A ESCOLA NA CRISE
DA MODERNIDADE
Prof. Dr. Maurício Gonçalves Saliba
UENP/FIO
Tópicos da conferência
• 1) A agressividade humana. Somos por
natureza violentos?
• 2) A escola e o processo civilizador: o
nascimento da modernidade;
• 3) A sociedade do consumo e a vida
liquida na crise da modernidade;
• 4) A escola na crise da modernidade;
• 5) Formas de superar nossas
frustrações
Frases sobre a juventude:
• 1. “A nossa juventude adora o luxo, é mal-educada, despreza a
autoridade e não tem o menor respeito pelos mais velhos. Os nossos
filhos hoje são verdadeiros tiranos. Eles não se levantam quando uma
pessoa idosa entra, respondem aos pais, são simplesmente maus”.
• 2. “Não tenho mais nenhuma esperança no futuro do nosso país se a
juventude de hoje tomar o poder amanhã, porque esta juventude é
insuportável, desenfreada, simplesmente horrível”.
• 3. “O nosso mundo atingiu o seu ponto crítico. Os filhos não ouvem mais os
pais. O fim do mundo não pode estar muito longe”.

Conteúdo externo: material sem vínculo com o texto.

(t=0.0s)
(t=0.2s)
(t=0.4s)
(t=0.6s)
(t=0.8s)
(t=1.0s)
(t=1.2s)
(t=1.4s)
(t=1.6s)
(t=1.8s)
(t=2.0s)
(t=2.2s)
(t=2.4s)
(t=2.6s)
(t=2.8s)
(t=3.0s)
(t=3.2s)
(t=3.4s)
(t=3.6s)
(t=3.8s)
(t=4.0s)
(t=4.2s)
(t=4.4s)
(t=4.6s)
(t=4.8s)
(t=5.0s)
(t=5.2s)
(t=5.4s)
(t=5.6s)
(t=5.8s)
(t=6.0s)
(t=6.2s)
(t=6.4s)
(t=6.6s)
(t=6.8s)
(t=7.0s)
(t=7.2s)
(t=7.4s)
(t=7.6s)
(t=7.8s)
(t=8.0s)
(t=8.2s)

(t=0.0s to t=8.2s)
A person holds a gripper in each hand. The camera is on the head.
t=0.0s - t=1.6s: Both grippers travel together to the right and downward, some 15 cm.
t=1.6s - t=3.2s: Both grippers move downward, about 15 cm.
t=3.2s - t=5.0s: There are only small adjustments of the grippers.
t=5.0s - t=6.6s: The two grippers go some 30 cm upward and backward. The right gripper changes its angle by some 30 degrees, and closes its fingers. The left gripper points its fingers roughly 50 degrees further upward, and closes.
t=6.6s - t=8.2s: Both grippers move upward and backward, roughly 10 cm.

• 4. “Esta juventude está estragada até ao fundo do coração. Os jovens são
maus e preguiçosos. Eles nunca serão como a juventude de antigamente…A
juventude de hoje não será capaz de manter a nossa cultura”.

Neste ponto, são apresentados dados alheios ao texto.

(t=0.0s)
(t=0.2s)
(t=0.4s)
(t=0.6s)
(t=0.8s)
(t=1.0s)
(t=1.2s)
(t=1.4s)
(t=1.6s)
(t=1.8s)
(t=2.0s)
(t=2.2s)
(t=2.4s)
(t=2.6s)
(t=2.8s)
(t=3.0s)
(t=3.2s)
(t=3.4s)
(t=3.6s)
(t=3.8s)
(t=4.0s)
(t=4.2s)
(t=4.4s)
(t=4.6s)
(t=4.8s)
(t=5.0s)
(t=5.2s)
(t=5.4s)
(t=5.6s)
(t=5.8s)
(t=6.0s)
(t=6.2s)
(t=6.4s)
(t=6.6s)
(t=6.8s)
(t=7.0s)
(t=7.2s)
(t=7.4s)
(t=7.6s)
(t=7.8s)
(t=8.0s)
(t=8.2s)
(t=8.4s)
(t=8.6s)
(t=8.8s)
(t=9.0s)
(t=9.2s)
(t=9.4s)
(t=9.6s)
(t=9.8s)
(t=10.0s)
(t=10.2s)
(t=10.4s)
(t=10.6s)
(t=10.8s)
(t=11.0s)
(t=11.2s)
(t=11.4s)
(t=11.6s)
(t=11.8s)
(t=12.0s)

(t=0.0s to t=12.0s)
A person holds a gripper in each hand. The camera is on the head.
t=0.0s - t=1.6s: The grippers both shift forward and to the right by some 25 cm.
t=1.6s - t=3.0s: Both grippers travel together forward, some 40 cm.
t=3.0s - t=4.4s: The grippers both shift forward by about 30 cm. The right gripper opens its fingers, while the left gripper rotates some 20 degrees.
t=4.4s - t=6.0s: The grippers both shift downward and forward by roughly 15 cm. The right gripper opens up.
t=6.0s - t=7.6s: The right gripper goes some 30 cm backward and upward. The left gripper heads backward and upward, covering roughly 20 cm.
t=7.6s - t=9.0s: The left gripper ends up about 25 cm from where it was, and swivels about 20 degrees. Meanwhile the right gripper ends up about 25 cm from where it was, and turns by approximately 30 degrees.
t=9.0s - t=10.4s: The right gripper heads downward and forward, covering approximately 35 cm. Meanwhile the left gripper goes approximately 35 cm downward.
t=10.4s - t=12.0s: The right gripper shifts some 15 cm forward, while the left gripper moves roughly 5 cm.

• a primeira frase é de Sócrates (470-399 a.C.);
• a segunda de Hesíodo (720 a.C.);
• a terceira de um sacerdote do ano 2000 a.C.;
• a quarta encontrou-se escrita num vaso de
argila descoberto nas ruínas da Babilónia tendo
mais de 4000 anos.
1) A agressividade humana.
Somos por natureza violentos?
• “A agressividade não é necessariamente destrutiva,
de forma alguma. Ela surge de uma tendência inata
de crescer e dominar a vida que parece ser
característica de toda matéria viva. Somente quando
a força vital tem seu desenvolvimento obstruído, os
ingredientes do medo, raiva ou ódio passam a
conectar-se com ela”
• Antony Storr. A agressividade humana. São Paulo: Benvirá, 2012
Trágico paradoxo:
• “As
mesmas qualidades que conduziram a
humanidade ao extraordinário sucesso são também
as que provavelmente causarão a sua destruição. O
ímpeto implacável do ser humano de subjugar ou
destruir qualquer aparente obstáculo em seu
caminho não para nem quando a ação atinge seus
semelhantes (...) não possuindo aparentemente os
mesmos mecanismos internos que evitam que os
animais matem outros da mesma espécie (...)”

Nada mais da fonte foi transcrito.